Там все существовало отдельно от всего: пол – отдельно от стен, стены – отдельно от потолка, свет – отдельно от лампочки (если б ты знал, как это страшно), и не было способа собрать кусочки.
И вот, когда я встретила тебя, я, конечно, сообразила, что любвеобильный Жизнедатель уж, видно, давно сохнет по мне, раз сотворил мне тебя, Свое приворотное зелье, чтоб, значит, Его вздохи по мне были небезответны. И я захотела тебя сразу – как хлеб, когда его нет, но, по вредной привычке догадываться, – догадалась, что ты вмиг приешься мне, когда хоть немного будешь. А ты сразу невзлюбил меня, и правильно сделал, ведь я сразу была в изобилии.
И ты уехал на восток – я путаю дальний, ближний, передний, задний, – но помню, что это было неблизко. Моя расторопная подруга посоветовала натирать тебя такой специальной мазью для возвращения: ты, говорит, должна терпеливо, еженощно умащать этим вонючим средством – его спину, от шеи до ягодиц включительно, и, главное, весь его обнаженный живот. Она даже не поняла, как далеко ты уехал.
Тогда я решила, что и мне пора ехать, ведь жизнь мне обрыдла так, что вокруг было сплошное бельмо – с редкими, очень редкими вкраплениями черно-серых пятен.
Я села в электричку и отъехала от города на тридцать верст, и пришла к пожилой женщине с конторским лицом, ее рот был затянут паутиной, и она протянула мне хлеб.
И я села в электричку, и проехала дважды по тридцать, и шла долго.
Голая, похожая на алкоголичку, вся в мерзлых буграх земля мерзко совокуплялась с голым небом.
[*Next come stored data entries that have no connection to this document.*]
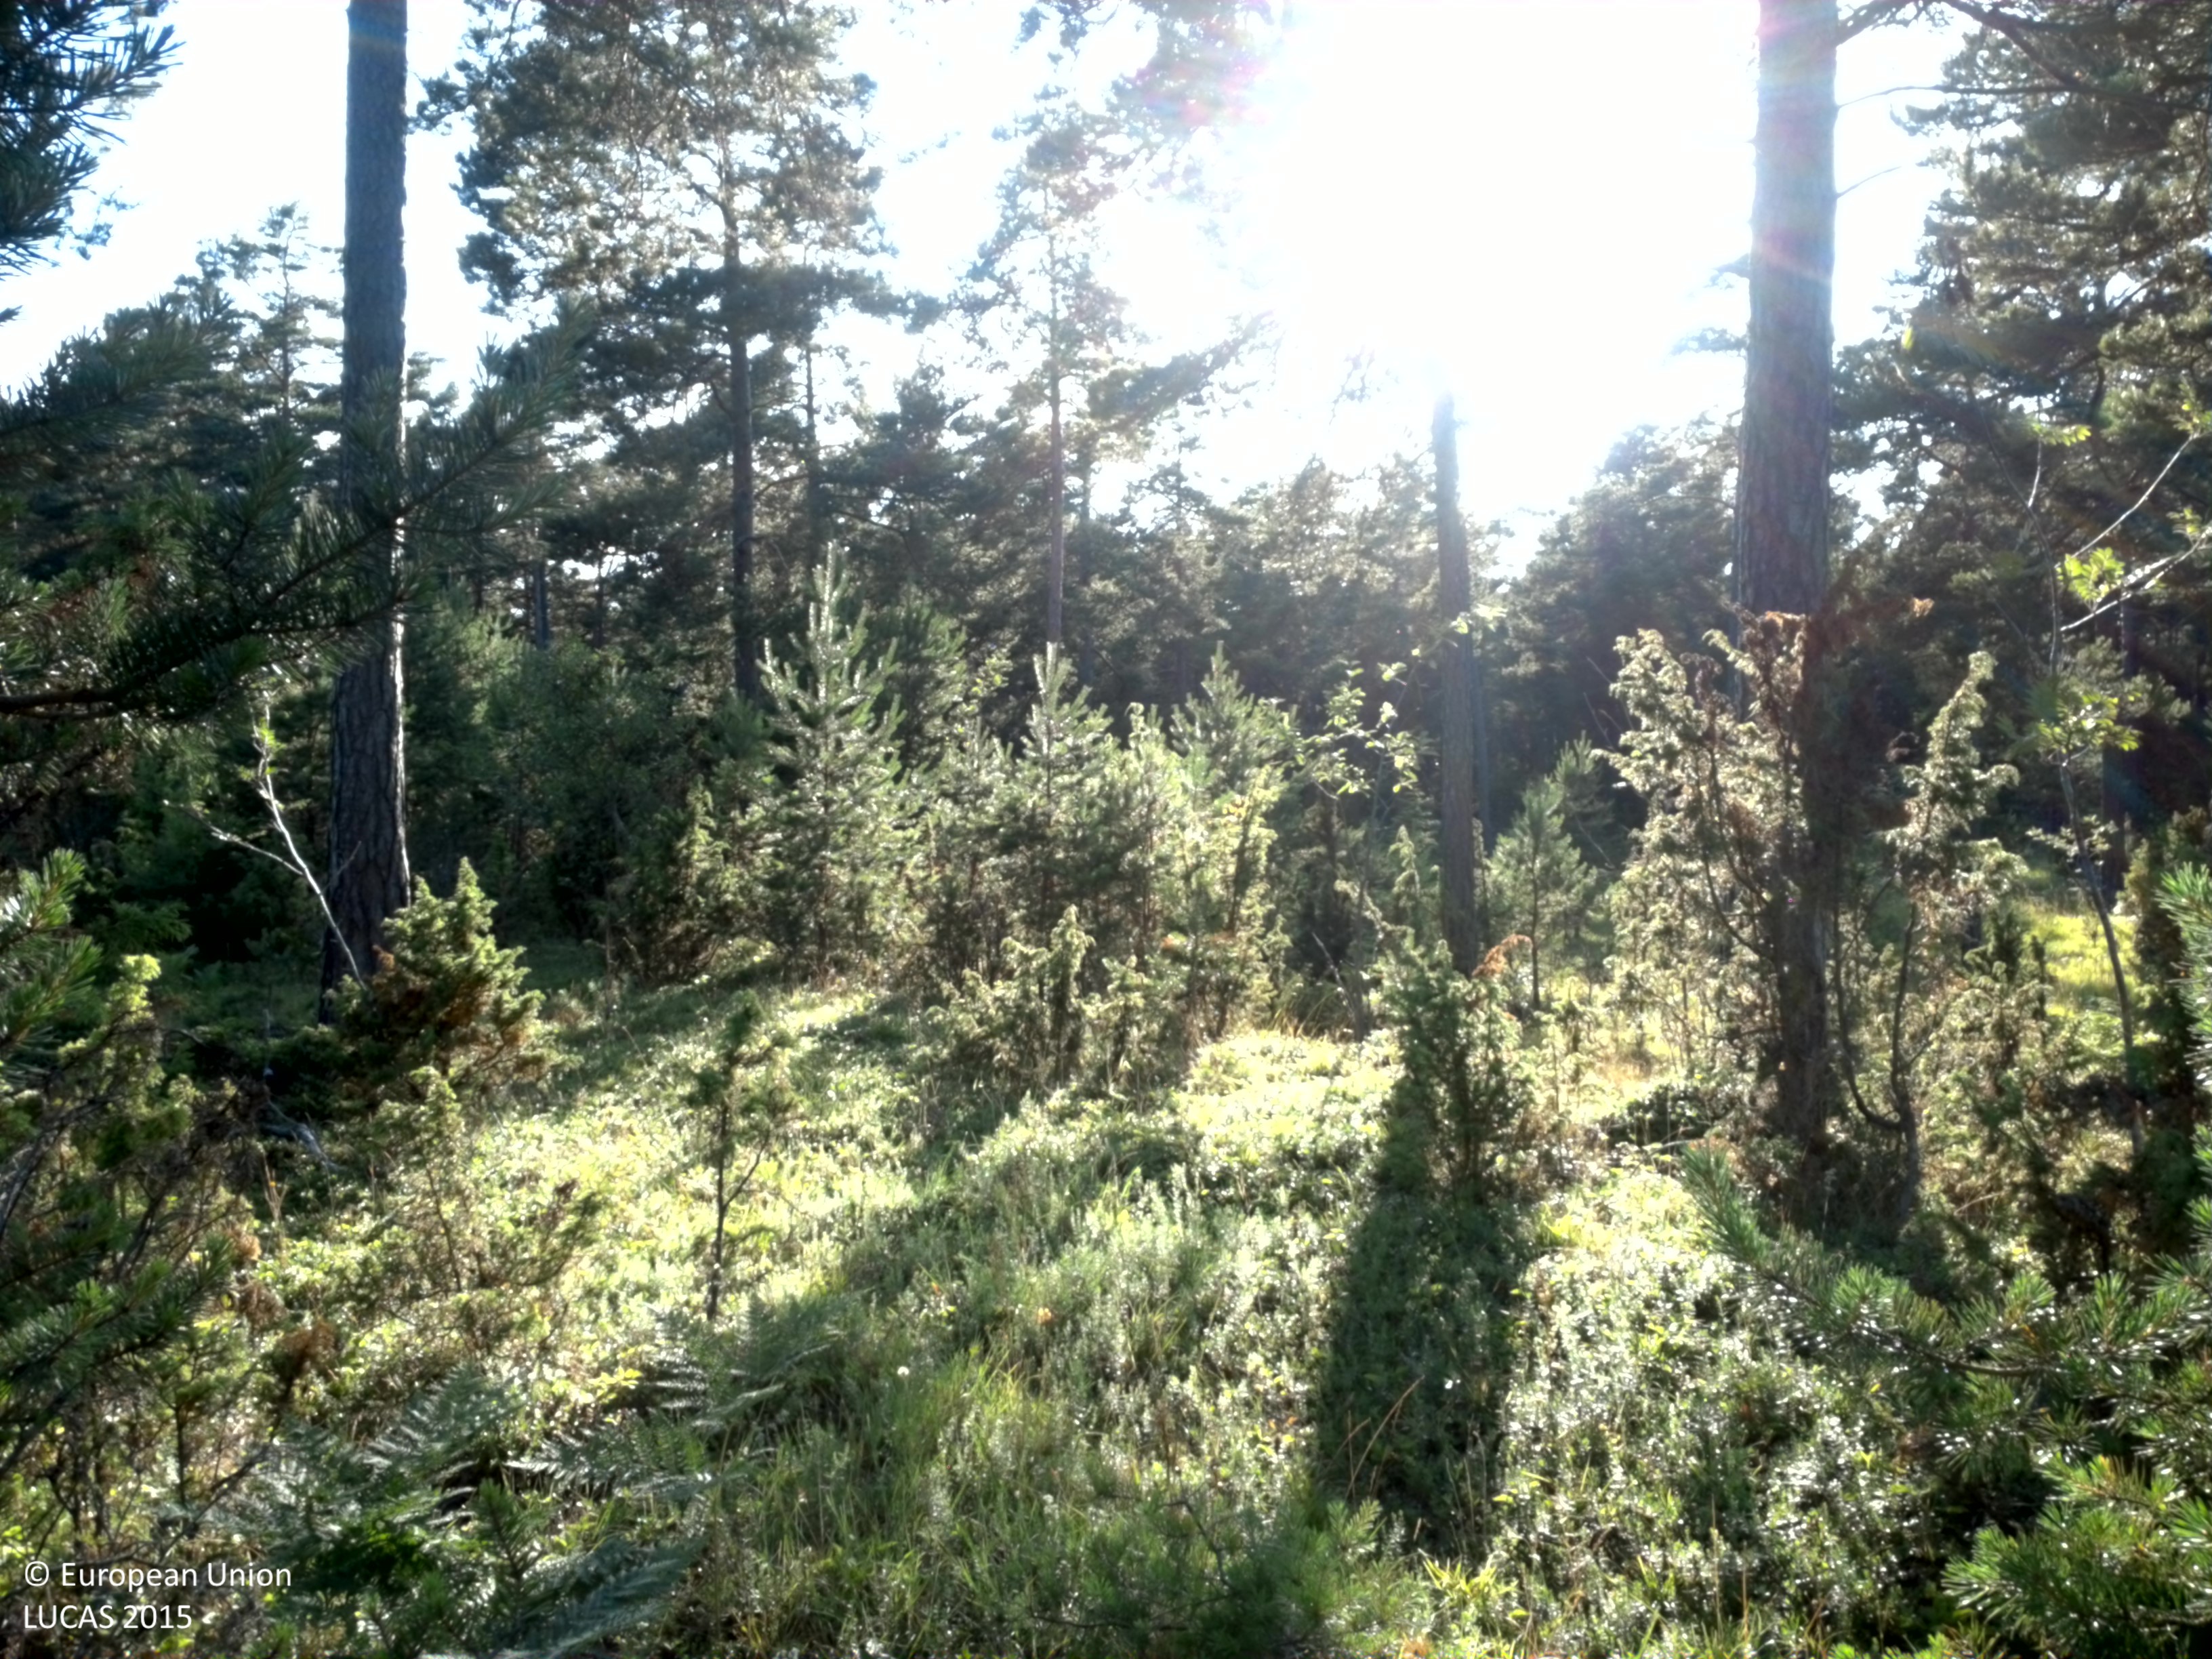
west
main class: Woodland
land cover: Pine dominated coniferous woodland
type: hemiboreal forest and nemoral coniferous forest and mixed broadleaved-coniferous forest
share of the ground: 50 - 75 %
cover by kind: coniferous forest trees 65 %, herbaceous plants 20 %, shrubs 15 %
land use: Forestry
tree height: > 5 m
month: July
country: SE
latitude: 57.6049
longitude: 18.7963

Между разухабистой землей и дряхлым небом, по линии их совокупления, серой мухой ползала старуха. Она была в старых валенках, все остальное оказалось схороненным в коконе старого ватника и старого платка; седые старухины волосья, выбившись на стыке двух частей кокона, – стлались далеко по ветру. Выискивая скупые корнеплоды, старуха-муха каким-то крюком ковыряла в дырьях своего огорода.
И я бухнулась оземь и попросила снадобье, чтобы видеть цвета, чтоб не разлюбить тебя, чтоб ты наконец полюбил меня, чтоб не приедался нам хлеб наш насущный и никогда не усомнились бы мы в милосердии Бога.
Старуха не слышала.
Я кричала, ветер пил на лету мои слабые слезы, и слова мои отлетали к черному горизонту, минуя мохнатые старухины уши. «Мама, – крикнула ей в висок подошедшая дочь, беспомощная и толстая, – надо вернуть мужа к этой жены, есть у тебя лекарство?»
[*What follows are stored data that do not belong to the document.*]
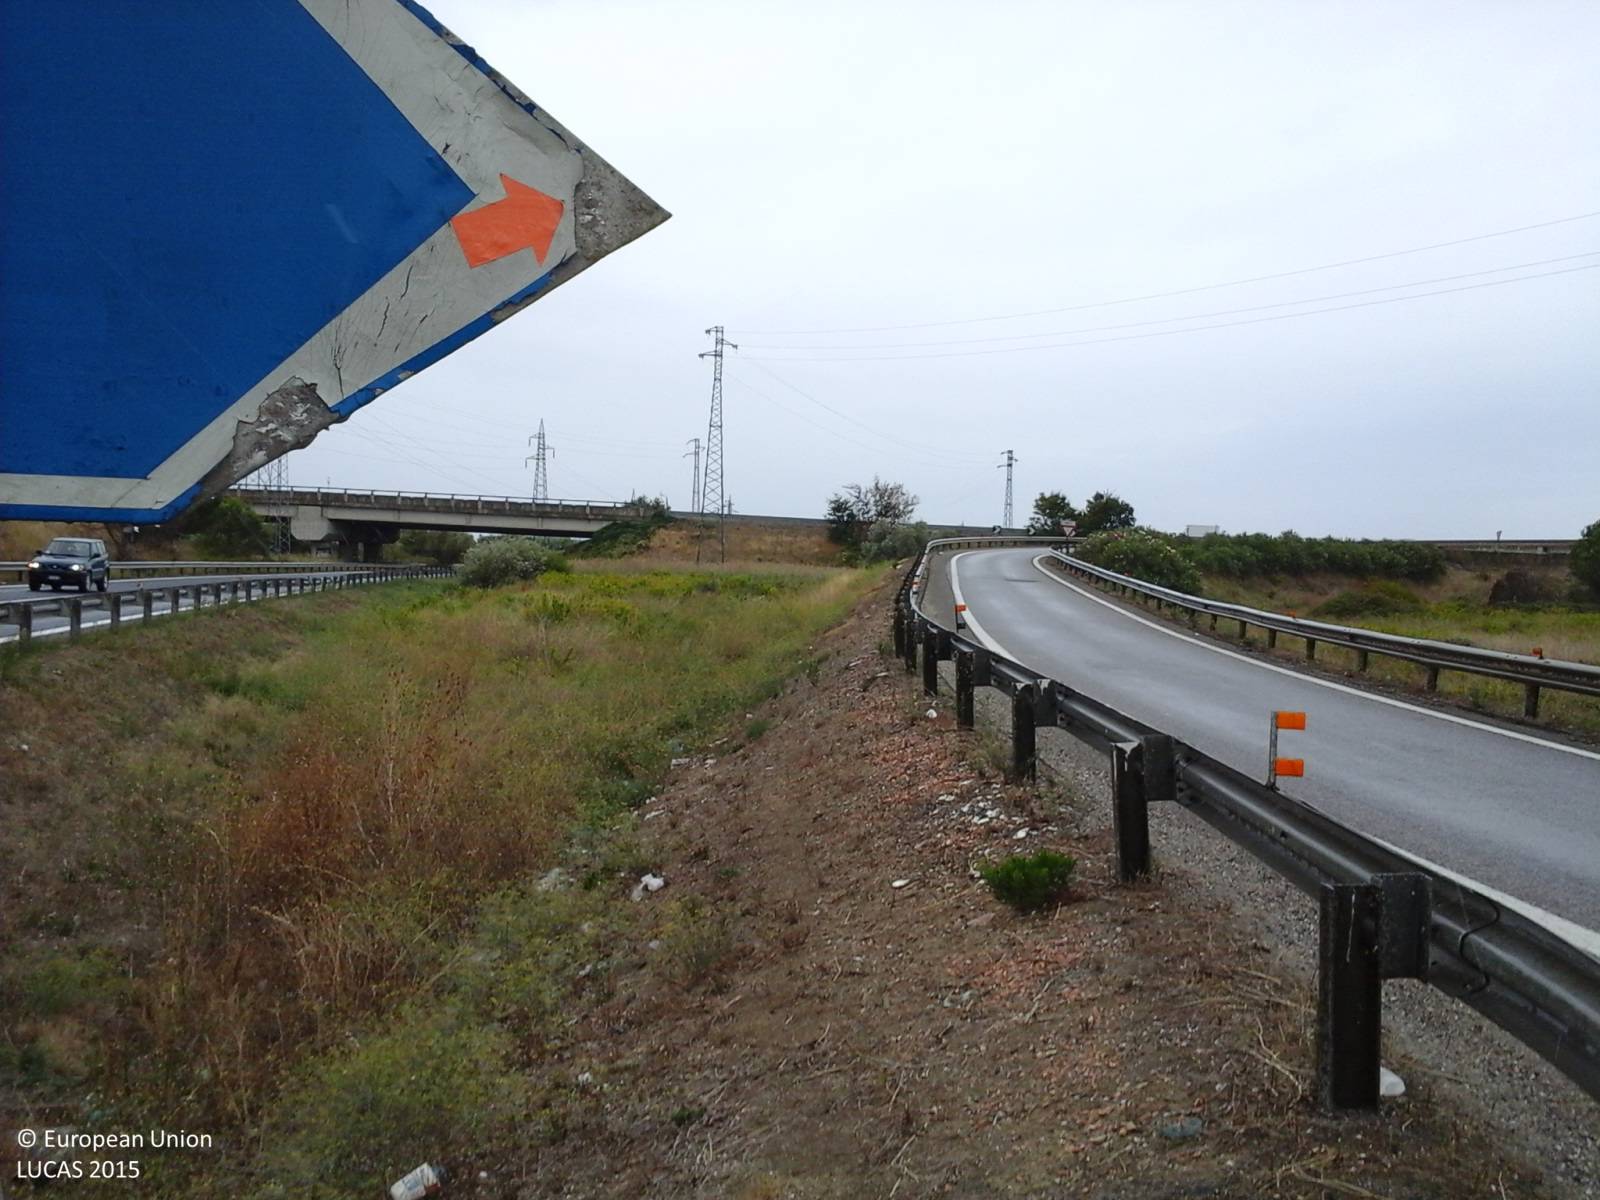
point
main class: Grassland
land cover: Grassland without tree/shrub cover
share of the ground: > 75 %
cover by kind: herbaceous plants 100 %
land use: Road transport
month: October
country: IT
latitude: 43.0134
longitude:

Старуха медленно распялила черный свой рот. Ветер утих. В тишине безбрежного поля, из конца в конец мира, ржаво прошуршало: я младенчушкам грыжечки зашептываю, приижжайте, жданные...
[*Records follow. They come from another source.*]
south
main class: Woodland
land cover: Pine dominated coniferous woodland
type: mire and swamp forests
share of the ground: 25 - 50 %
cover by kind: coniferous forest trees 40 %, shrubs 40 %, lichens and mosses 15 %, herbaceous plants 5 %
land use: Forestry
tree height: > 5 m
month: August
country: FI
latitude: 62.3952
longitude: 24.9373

И я села в электричку, и отъехала трижды по тридцать, и пришла к черномясой бабище с черными когтями, она возлеживала на исполинской кровати, пухлой, продавленной, сплошь в ухабах и тучах. Бабища вначале даже рта не хотела размыкать, только хихикала и злобно мычала, потому что, как выяснилось чуть позже, приняла меня за столичную журналистку, которая якобы приперлась с разоблачением ее знаменитого чернокнижья.
Ну, я употребила пару ненормированных оборотов речи – и сошла почти за свою. Бабища, выказывая зевоту и дремоту, все же легонько меня обнюхала и (видимо, чтобы только отделаться) велела: ну, ты, это, до полуночи успей восвояси, набери в какую-нибудь бутылку, я не знаю, из-под кефира, водопроводной воды (до полуночи, поняла?) – и сыпани туда маковых зерен. (Зерна протянула в кулечке.)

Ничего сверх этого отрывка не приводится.